9 thoughts on “Accreditors Are Now Enforcing Political Orthodoxy

  1. The real solution, the only real solution, is to set up an independent conservative accrediting body. Make sure it is tough on academic standards, and challenge the feds to not recognize it — in court or in congress, if necessary.

    It’s futile to try to work with the existing accrediting agencies, they are filled with hard core left wingers. “…action by Congress restricting the use of accreditation agency approval be strictly limited to academic and financial factors.” would be completely futile. The existing accreditors wouldn’t change their goals, or their beliefs, they would just have to be less open and honest in discussing them with the press.

    But really, the most serious damage the existing accreditors is doing has nothing to do with ramming homosexuality down the throats of a Christian College, it has to do with the fact that the accreditors are turning a willing blind eye to the erosion of standards in curriculums across the board; substituting dumbed down, politically correct left wing propaganda for actual education.

    An independent, CONSERVATIVE accreditation body, dedicated to academic excellence, could publish honest reviews of the lack of intellectual rigor of the existing liberal arts programs at leading universities, exposing how they are short changing the students. And documenting the far higher quality of the programs at schools that haven’t succumbed to left wing ideologues.

    Time to bring some reputations down to where they belong.

    1. So you would basically allow 2 competing acreditation bodies. That might work. Although one problem I could see is the conservative religiously orientated accreditation body might also do some politicisation on their end, not by banning a religious orientation, like the leftist bodies do, but by mandating one, and mandating a conservative orientation on various issues. The best way to stop that would be to staff the early versions of these with both conservatives and libertarians.

  2. Rumor has it that accreditors demand gender/women studies centers and diversity programs of a certain size and scope. Why should they have the power to do that?

    1. That is what will always happen with any acreditation body, for either coleges, occupations, or business. Unless extremely tight restrictions are placed on what they can consider (and more importantly not consider) for acreditation, eventually they will become corrupt and politicised, mostly by leftist dems, but sometimes by crony capitalist repubs as well.

  3. How does this relate to medical licensing?
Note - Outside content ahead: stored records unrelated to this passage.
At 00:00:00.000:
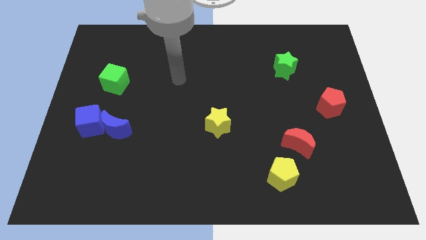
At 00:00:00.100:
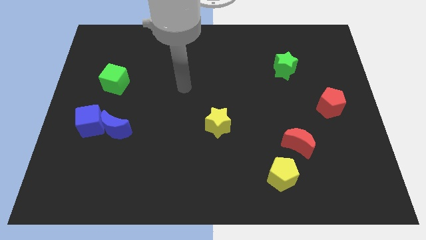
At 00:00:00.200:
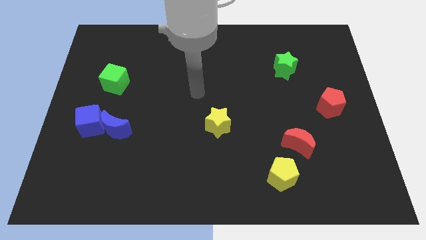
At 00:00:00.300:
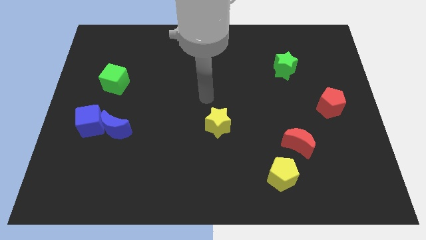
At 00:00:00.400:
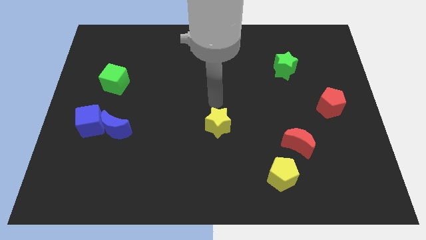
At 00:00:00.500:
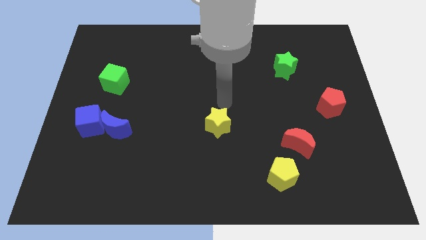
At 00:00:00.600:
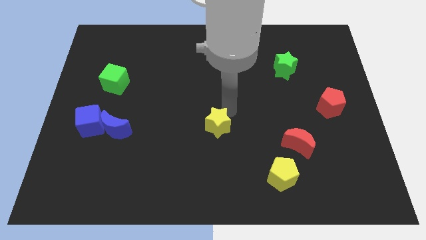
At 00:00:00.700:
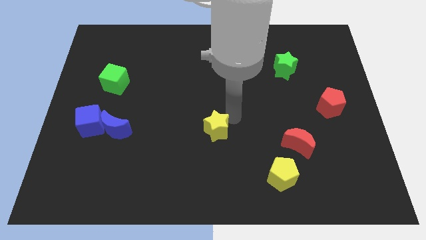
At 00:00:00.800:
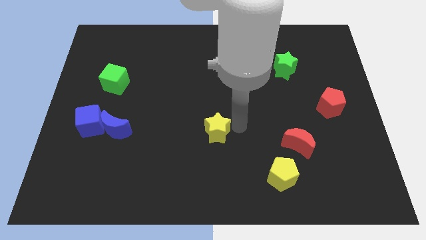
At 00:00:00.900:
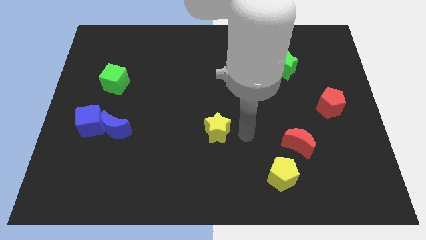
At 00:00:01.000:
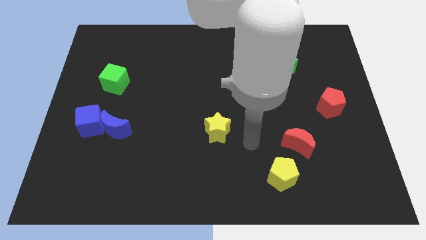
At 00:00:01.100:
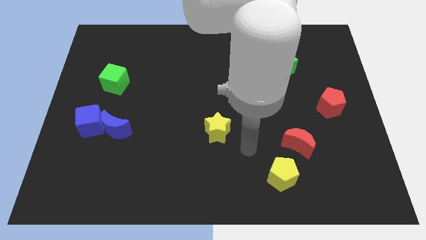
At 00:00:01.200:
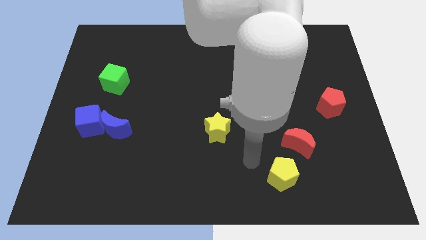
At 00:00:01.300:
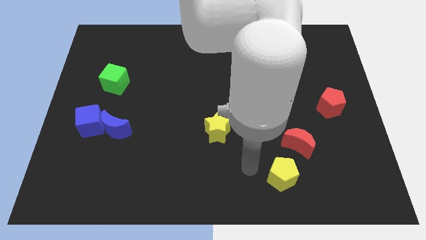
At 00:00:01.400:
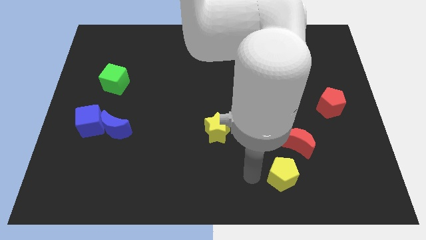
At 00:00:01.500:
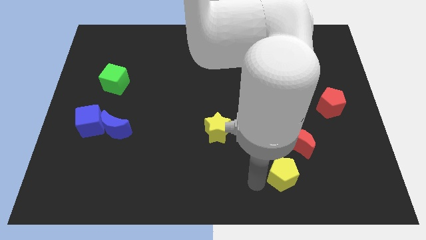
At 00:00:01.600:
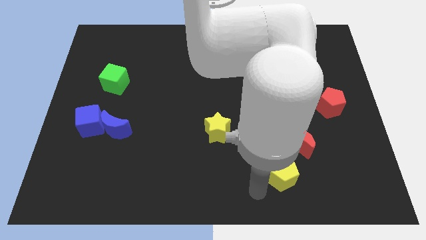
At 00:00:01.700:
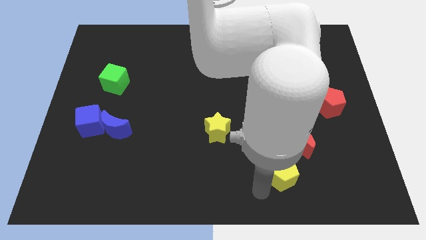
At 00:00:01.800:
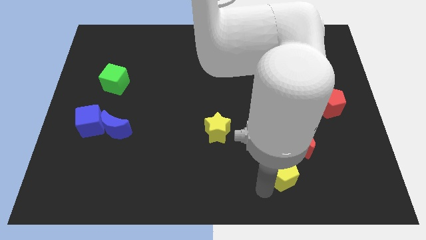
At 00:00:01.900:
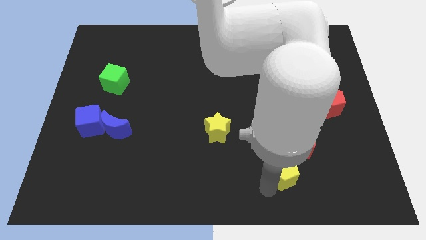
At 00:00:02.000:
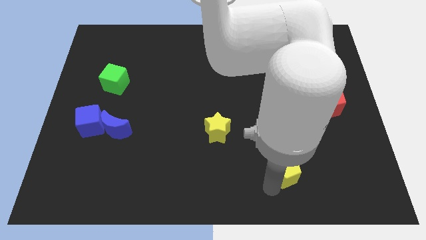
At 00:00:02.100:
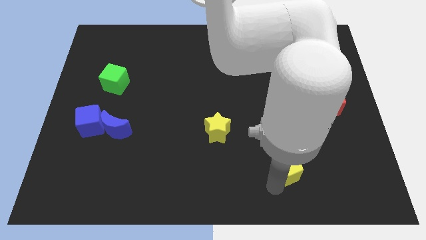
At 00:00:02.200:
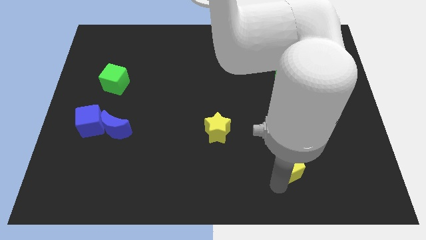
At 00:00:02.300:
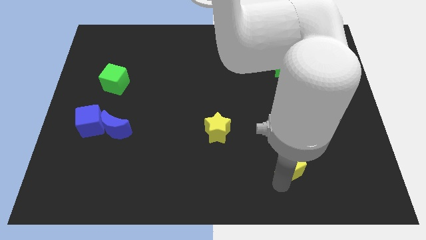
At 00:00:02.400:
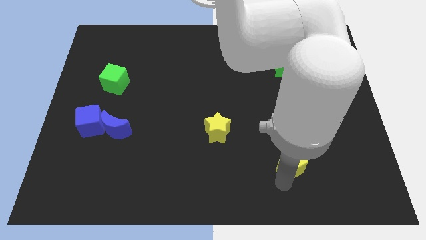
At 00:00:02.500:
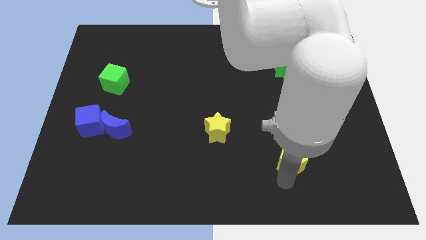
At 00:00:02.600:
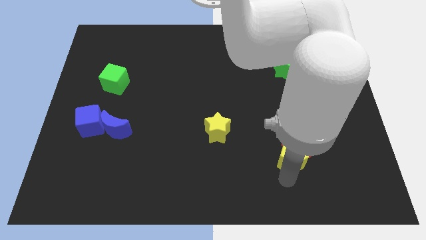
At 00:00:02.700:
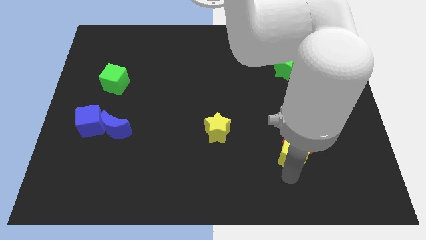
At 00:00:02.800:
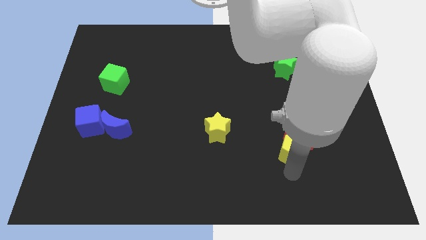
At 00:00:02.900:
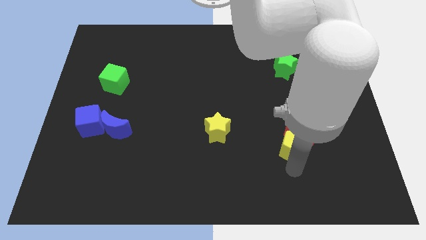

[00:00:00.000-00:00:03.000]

Without licensing, there is no reason or justification for accreditation of medical education. If one is not bothering to accredit medical education, why bother with doing so for a BA in Fine Arts? The simple existence of power means that sooner or later that power is going to be abused for personal or political reasons, and this fact alone is a good reason never to endow seats of power that are not existentially necessary.

  4. The imposition of ideological standards that conflict with religious convictions interferes with the freedom of religion. Therefore, the continued use by the US government of the accreditation for allocating federal funds is a constitutional violation. Thus the accreditation agency has to get by on whatever “legitimacy” they can give to subordinate schools that doesn’t involve federal funds.

    No need for a lawsuit, just action by Congress restricting the use of accreditation agency approval be strictly limited to academic and financial factors.

    1. Unfortunately the dem senate will never pass a bill restricting acreditation to just academic and financial factors, and Obama would probably veto it, since they agree with the current agenda to oppress religions institutions. So the courts may be the only way out, until repubs gain control of the senate and executive.